═══ Record excerpts ═══

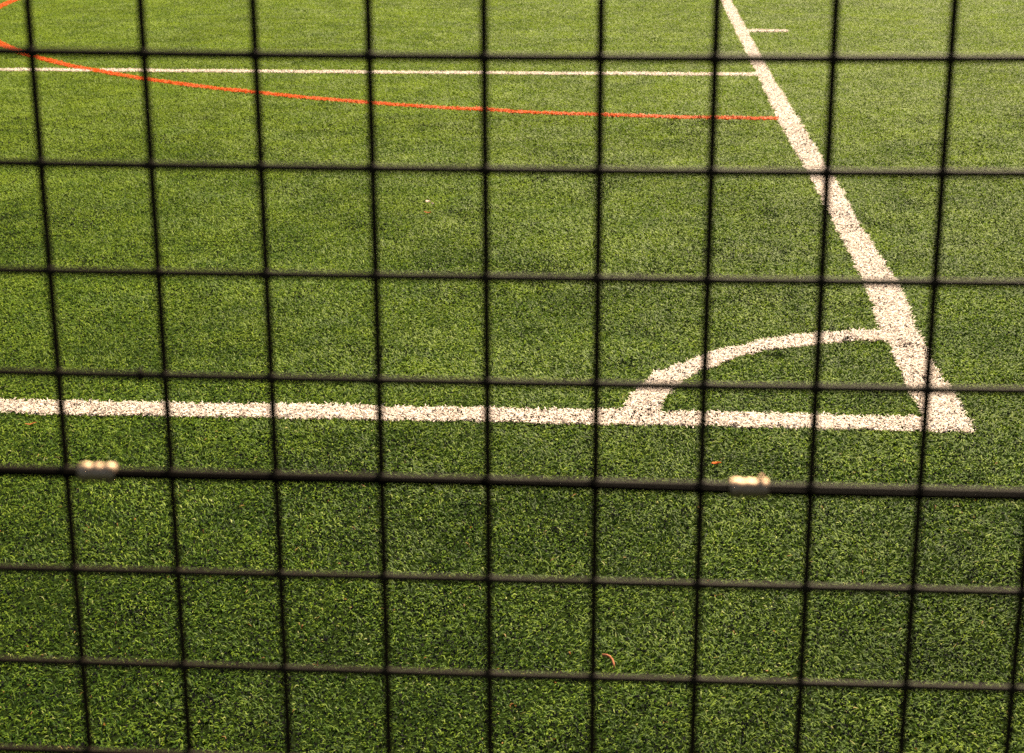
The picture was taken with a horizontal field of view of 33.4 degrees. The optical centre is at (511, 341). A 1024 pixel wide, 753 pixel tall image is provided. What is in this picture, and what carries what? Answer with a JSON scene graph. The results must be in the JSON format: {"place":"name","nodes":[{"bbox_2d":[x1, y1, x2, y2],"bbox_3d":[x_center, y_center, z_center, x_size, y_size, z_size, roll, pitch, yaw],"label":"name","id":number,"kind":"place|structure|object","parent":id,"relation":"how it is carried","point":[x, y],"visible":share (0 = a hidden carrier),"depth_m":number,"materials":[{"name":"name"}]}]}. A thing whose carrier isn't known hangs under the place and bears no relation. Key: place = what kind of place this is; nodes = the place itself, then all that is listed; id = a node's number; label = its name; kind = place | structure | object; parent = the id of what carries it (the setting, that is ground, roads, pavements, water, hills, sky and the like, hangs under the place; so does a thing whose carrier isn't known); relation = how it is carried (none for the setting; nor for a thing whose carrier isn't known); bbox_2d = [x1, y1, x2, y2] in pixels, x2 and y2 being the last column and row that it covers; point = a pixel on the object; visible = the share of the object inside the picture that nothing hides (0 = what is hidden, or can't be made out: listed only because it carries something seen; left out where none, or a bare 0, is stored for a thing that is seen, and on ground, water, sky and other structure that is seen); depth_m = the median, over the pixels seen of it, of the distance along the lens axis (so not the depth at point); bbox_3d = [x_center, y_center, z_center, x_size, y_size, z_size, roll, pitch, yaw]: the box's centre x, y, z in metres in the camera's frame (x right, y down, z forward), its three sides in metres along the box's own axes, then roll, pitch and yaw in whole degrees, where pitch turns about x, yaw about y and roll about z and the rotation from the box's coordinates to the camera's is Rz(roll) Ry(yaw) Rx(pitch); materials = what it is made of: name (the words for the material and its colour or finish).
{"place":"outdoors","nodes":[
{"label":"outdoors","id":0,"kind":"place"},
{"bbox_2d":[0,0,1023,752],"bbox_3d":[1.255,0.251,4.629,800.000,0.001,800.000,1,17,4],"label":"ground","id":1,"kind":"structure","parent":0,"point":[354,646],"depth_m":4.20,"materials":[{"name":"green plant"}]},
{"bbox_2d":[0,67,757,75],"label":"penalty box line","id":2,"kind":"object","parent":1,"relation":"on","point":[22,69],"visible":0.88,"depth_m":11.20,"materials":[{"name":"white paint"}]},
{"bbox_2d":[0,0,778,120],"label":"orange marking line","id":3,"kind":"object","parent":1,"relation":"on","point":[107,72],"visible":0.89,"depth_m":10.01,"materials":[{"name":"paint"}]},
{"bbox_2d":[0,397,932,431],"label":"goal line","id":4,"kind":"object","parent":1,"relation":"on","point":[737,419],"visible":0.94,"depth_m":4.77,"materials":[{"name":"white paint"}]},
{"bbox_2d":[0,0,1023,752],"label":"fence","id":5,"kind":"object","parent":1,"relation":"on","point":[760,488],"visible":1,"depth_m":0.78,"materials":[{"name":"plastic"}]},
{"bbox_2d":[602,654,614,668],"bbox_3d":[0.192,0.625,3.342,0.012,0.010,0.059,-7,18,-21],"label":"curled stem","id":6,"kind":"object","parent":1,"relation":"on","point":[608,656],"visible":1,"depth_m":3.34,"materials":[{"name":"orange plant"}]},
{"bbox_2d":[620,327,888,412],"bbox_3d":[0.715,0.063,5.217,1.193,0.021,0.308,-14,22,-38],"label":"corner arc","id":7,"kind":"object","parent":1,"relation":"on","point":[638,401],"visible":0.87,"depth_m":5.29,"materials":[{"name":"white paint"}]},
{"bbox_2d":[746,29,787,32],"bbox_3d":[1.989,-2.420,13.306,0.355,0.023,0.162,1,17,4],"label":"touch line tick","id":8,"kind":"object","parent":1,"relation":"on","point":[768,30],"visible":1,"depth_m":13.29,"materials":[{"name":"white paint"}]},
{"bbox_2d":[722,0,975,433],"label":"touch line","id":9,"kind":"object","parent":1,"relation":"on","point":[781,107],"visible":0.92,"depth_m":6.27,"materials":[{"name":"white paint"}]}
]}

═══

_Exercise description_. Take every record and copy it word for word, dropping the pictures.

_Response below_.
The picture was taken with a horizontal field of view of 33.4 degrees. The optical centre is at (511, 341). A 1024 pixel wide, 753 pixel tall image is provided. What is in this picture, and what carries what? Answer with a JSON scene graph. The results must be in the JSON format: {"place":"name","nodes":[{"bbox_2d":[x1, y1, x2, y2],"bbox_3d":[x_center, y_center, z_center, x_size, y_size, z_size, roll, pitch, yaw],"label":"name","id":number,"kind":"place|structure|object","parent":id,"relation":"how it is carried","point":[x, y],"visible":share (0 = a hidden carrier),"depth_m":number,"materials":[{"name":"name"}]}]}. A thing whose carrier isn't known hangs under the place and bears no relation. Key: place = what kind of place this is; nodes = the place itself, then all that is listed; id = a node's number; label = its name; kind = place | structure | object; parent = the id of what carries it (the setting, that is ground, roads, pavements, water, hills, sky and the like, hangs under the place; so does a thing whose carrier isn't known); relation = how it is carried (none for the setting; nor for a thing whose carrier isn't known); bbox_2d = [x1, y1, x2, y2] in pixels, x2 and y2 being the last column and row that it covers; point = a pixel on the object; visible = the share of the object inside the picture that nothing hides (0 = what is hidden, or can't be made out: listed only because it carries something seen; left out where none, or a bare 0, is stored for a thing that is seen, and on ground, water, sky and other structure that is seen); depth_m = the median, over the pixels seen of it, of the distance along the lens axis (so not the depth at point); bbox_3d = [x_center, y_center, z_center, x_size, y_size, z_size, roll, pitch, yaw]: the box's centre x, y, z in metres in the camera's frame (x right, y down, z forward), its three sides in metres along the box's own axes, then roll, pitch and yaw in whole degrees, where pitch turns about x, yaw about y and roll about z and the rotation from the box's coordinates to the camera's is Rz(roll) Ry(yaw) Rx(pitch); materials = what it is made of: name (the words for the material and its colour or finish).
{"place":"outdoors","nodes":[
{"label":"outdoors","id":0,"kind":"place"},
{"bbox_2d":[0,0,1023,752],"bbox_3d":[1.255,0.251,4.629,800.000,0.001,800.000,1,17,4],"label":"ground","id":1,"kind":"structure","parent":0,"point":[354,646],"depth_m":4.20,"materials":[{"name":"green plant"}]},
{"bbox_2d":[0,67,757,75],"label":"penalty box line","id":2,"kind":"object","parent":1,"relation":"on","point":[22,69],"visible":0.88,"depth_m":11.20,"materials":[{"name":"white paint"}]},
{"bbox_2d":[0,0,778,120],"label":"orange marking line","id":3,"kind":"object","parent":1,"relation":"on","point":[107,72],"visible":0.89,"depth_m":10.01,"materials":[{"name":"paint"}]},
{"bbox_2d":[0,397,932,431],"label":"goal line","id":4,"kind":"object","parent":1,"relation":"on","point":[737,419],"visible":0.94,"depth_m":4.77,"materials":[{"name":"white paint"}]},
{"bbox_2d":[0,0,1023,752],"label":"fence","id":5,"kind":"object","parent":1,"relation":"on","point":[760,488],"visible":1,"depth_m":0.78,"materials":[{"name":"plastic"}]},
{"bbox_2d":[602,654,614,668],"bbox_3d":[0.192,0.625,3.342,0.012,0.010,0.059,-7,18,-21],"label":"curled stem","id":6,"kind":"object","parent":1,"relation":"on","point":[608,656],"visible":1,"depth_m":3.34,"materials":[{"name":"orange plant"}]},
{"bbox_2d":[620,327,888,412],"bbox_3d":[0.715,0.063,5.217,1.193,0.021,0.308,-14,22,-38],"label":"corner arc","id":7,"kind":"object","parent":1,"relation":"on","point":[638,401],"visible":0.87,"depth_m":5.29,"materials":[{"name":"white paint"}]},
{"bbox_2d":[746,29,787,32],"bbox_3d":[1.989,-2.420,13.306,0.355,0.023,0.162,1,17,4],"label":"touch line tick","id":8,"kind":"object","parent":1,"relation":"on","point":[768,30],"visible":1,"depth_m":13.29,"materials":[{"name":"white paint"}]},
{"bbox_2d":[722,0,975,433],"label":"touch line","id":9,"kind":"object","parent":1,"relation":"on","point":[781,107],"visible":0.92,"depth_m":6.27,"materials":[{"name":"white paint"}]}
]}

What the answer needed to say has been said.